Это не про нехватку еды – это про коллапс человеческого достоинства. Люди чувствуют, что весь мир повернулся к ним спиной, и что смерть от голода стала «легитимной» мерой политического давления. Голод бьет по всем без исключения – это систематическая политика, которая окружает нас со всех сторон под прикрытием мирового сообщества и глобального молчания, как будто в этой политике нет ничего постыдного.

В этой суровой реальности голод больше не является преходящим ощущением – он стал основополагающим свойством повседневной жизни в Газе. Пройдитесь по улицам – и вы увидите матерей с детьми на руках, ищущих краюху хлеба, и безработных отцов, молчаливо несущих на себе бремя собственной беспомощности. Рынки опустели, помощи поступает недостаточно, а порции меряются не тарелками, а кусками. Теперь мы считаем буханки хлеба так же, как принимаем лекарства, аккуратно деля еду между членами семьи – не прихоти ради, а чтобы банально выжить.

Люди здесь ищут не роскошь, а минимум для того, чтобы не умереть от голода. Чистая вода; достаточное количество топлива, чтобы зажечь духовка; лекарства, чтобы унять боль; теплая еда, чтобы согреть маму. С каждым днем надежды тают, а психологическое давление усиливается. Многие наши знакомые впали в депрессию, и некоторые из них утратили силу, чтобы молча переносить все это – просто потому, что они видят горизонта и перспективы окончания этих страданий.

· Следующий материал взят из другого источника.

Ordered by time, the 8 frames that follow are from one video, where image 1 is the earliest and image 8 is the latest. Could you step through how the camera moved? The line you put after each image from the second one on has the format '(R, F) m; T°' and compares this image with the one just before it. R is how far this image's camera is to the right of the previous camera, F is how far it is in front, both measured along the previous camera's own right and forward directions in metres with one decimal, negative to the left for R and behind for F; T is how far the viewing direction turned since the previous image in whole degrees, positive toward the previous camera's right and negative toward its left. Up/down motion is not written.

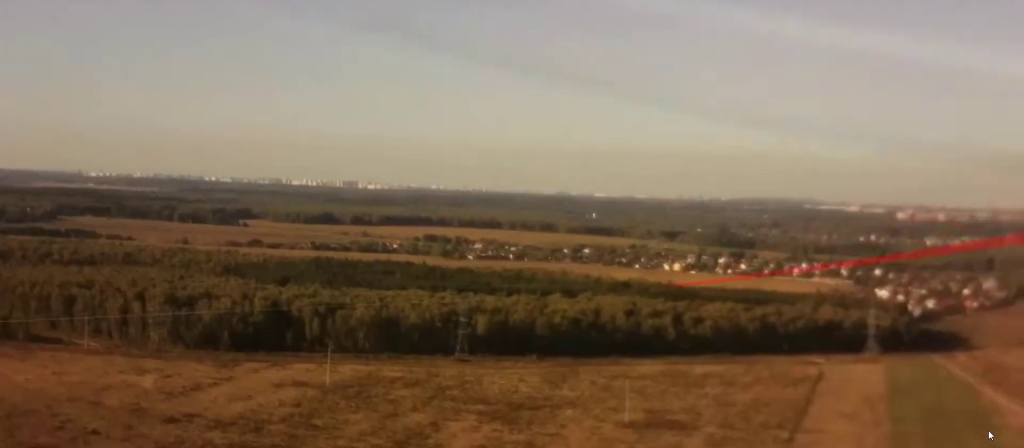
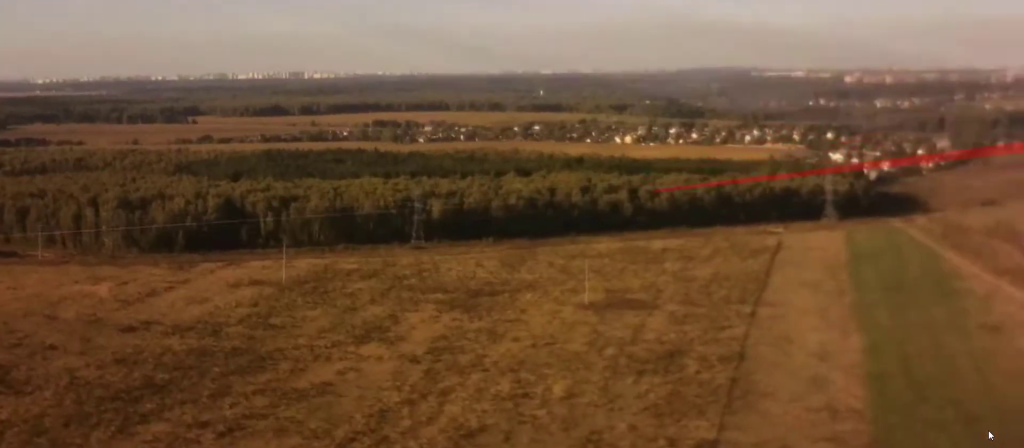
(+0.2, +8.6) m; +3°
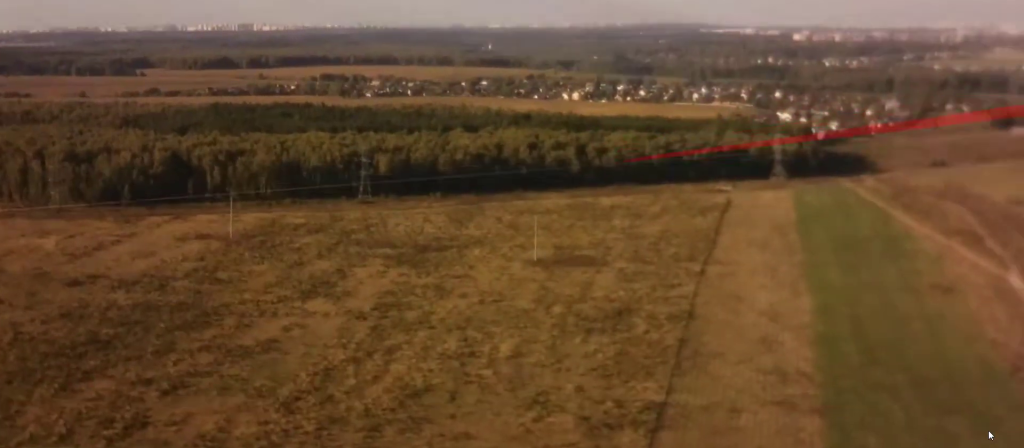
(-0.1, +5.5) m; +2°
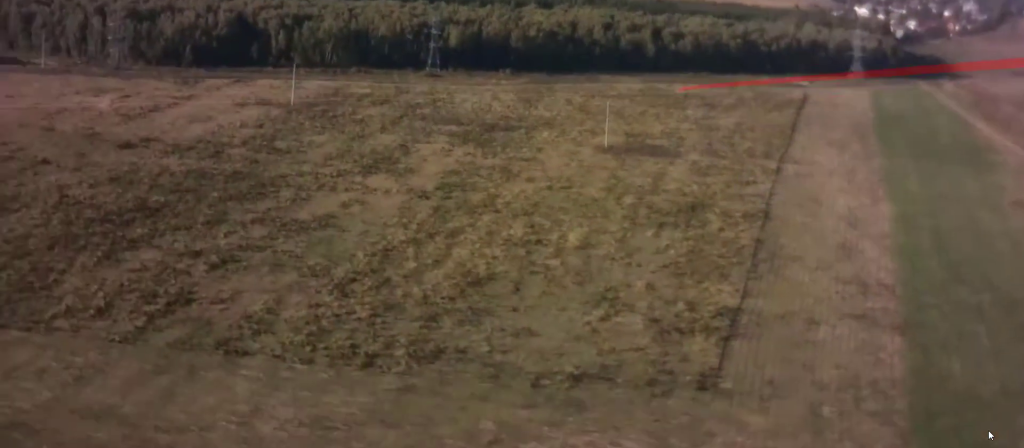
(+0.8, +22.6) m; +1°
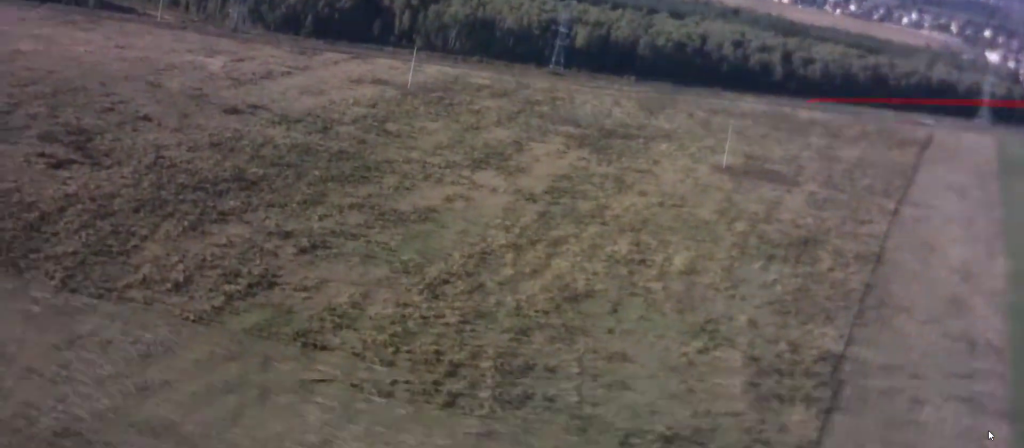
(-0.2, +14.7) m; -2°
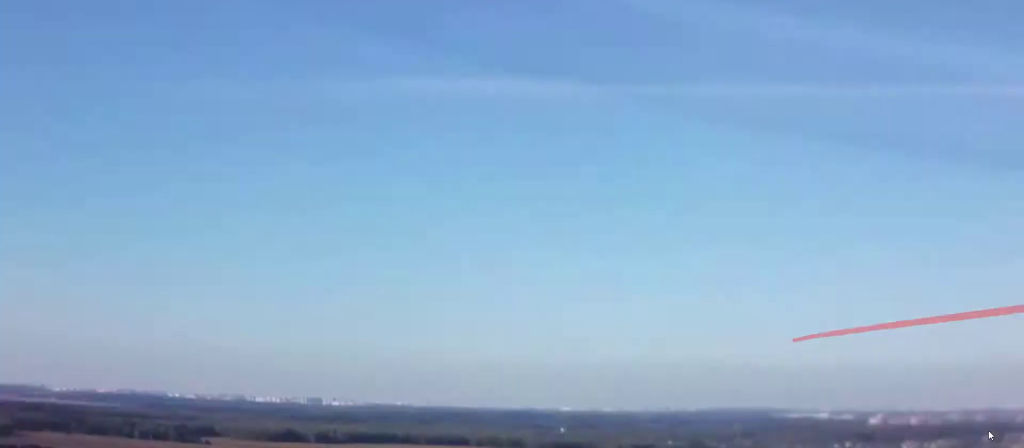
(-0.3, +14.6) m; +1°
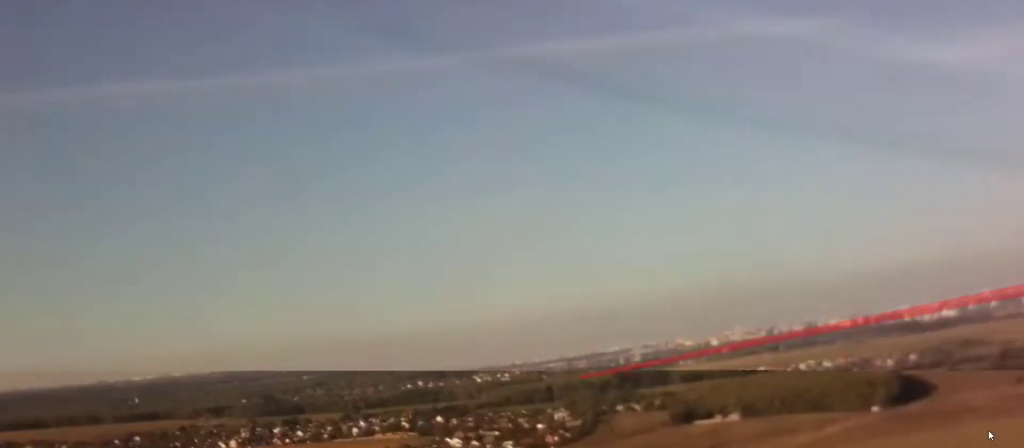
(+1.4, +21.2) m; +10°
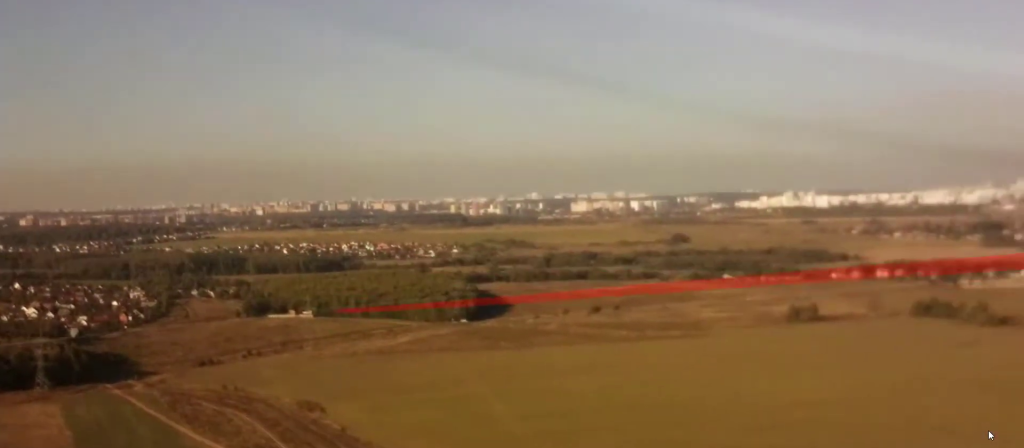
(+2.1, +18.9) m; +15°

Посреди всего этого народная солидарность не иссякла – это наше последнее прибежище. Соседи делятся едой, насколько это возможно; друзья обмениваются тем малым, что у них есть; члены семьи делят между собой оставшиеся рисунки и чечевицу. Даже в разгар голода мы стараемся выживать с достоинством.

Какой закон в мире разрешает морить голодом два миллиона человек. В каком уголовном или моральном кодексе есть преступление страшнее, чем геноцид?

Что было бы, если бы голодал хоть один израильский ребенок? Как много организаций бы мобилизовалось? Сколько заявлений бы прозвучало? Сколько мер было бы принято, чтобы спасти их?

Однако здесь, в Газе, нас оставили умирать в одиночестве.